Below is an example of a complete clinical annotation evidence string:

{
  "datasourceId": "pharmgkb",
  "datasourceVersion": "2023-08-05",
  "datatypeId": "clinical_annotation",
  "studyId": "1449309937",
  "evidenceLevel": "1A",
  "literature": [
    "11389482",
    "27857962"
  ],
  "genotypeId": "19_38499645_GGAG_G,GGAG",
  "variantRsId": "rs121918596",
  "variantFunctionalConsequenceId": "SO_0001822",
  "targetFromSourceId": "ENSG00000196218",
  "genotype": "del/GAG",
  "genotypeAnnotationText": "Patients with the rs121918596 del/GAG genotype may develop malignant hyperthermia when treated with volatile anesthetics (desflurane, enflurane, halothane, isoflurane, methoxyflurane, sevoflurane) and/or succinylcholine as compared to patients with the GAG/GAG genotype. Other genetic or clinical factors may also influence the risk for malignant hyperthermia.",
  "drugs": [
    {"drugFromSource": "succinylcholine"}
  ],
  "pgxCategory": "toxicity",
  "phenotypeText": "Malignant Hyperthermia",
  "phenotypeFromSourceId": "Orphanet_423"
}

Other examples can be found in the tests, though keep in mind these may not represent real data.

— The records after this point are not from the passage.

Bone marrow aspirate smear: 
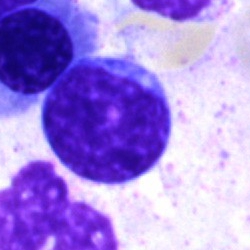

Impression → typical lymphocyte.
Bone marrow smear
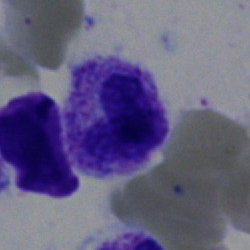
Impression → stab cell.
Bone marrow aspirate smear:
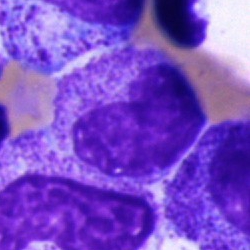Impression → metamyelocyte.

Variant coordinate algorithm

graph TD
    J[PharmGKB]
    H[FASTA files]
    E[Clinical alleles table]
    A[Variant table]    
    D[Generate 'chr_pos_ref_allele1,allele2' identifier]
    S[NCBI Genome Assembly]
    J --> A
    J --> E
    S --> H
    A --> |locations 'Chr+Pos'| D
    H --> |Reference + context| D
    E --> |Alternate alleles| D

Drug representation

The drugs property is a list of structs with 2 keys:

Lists of drugs are kept together (rather than exploded into separate evidence strings) when they're known to be annotated as a drug combination. Currently this is only when they're /-separated and associated with a single PGKB chemical ID, as in ivacaftor / lumacaftor.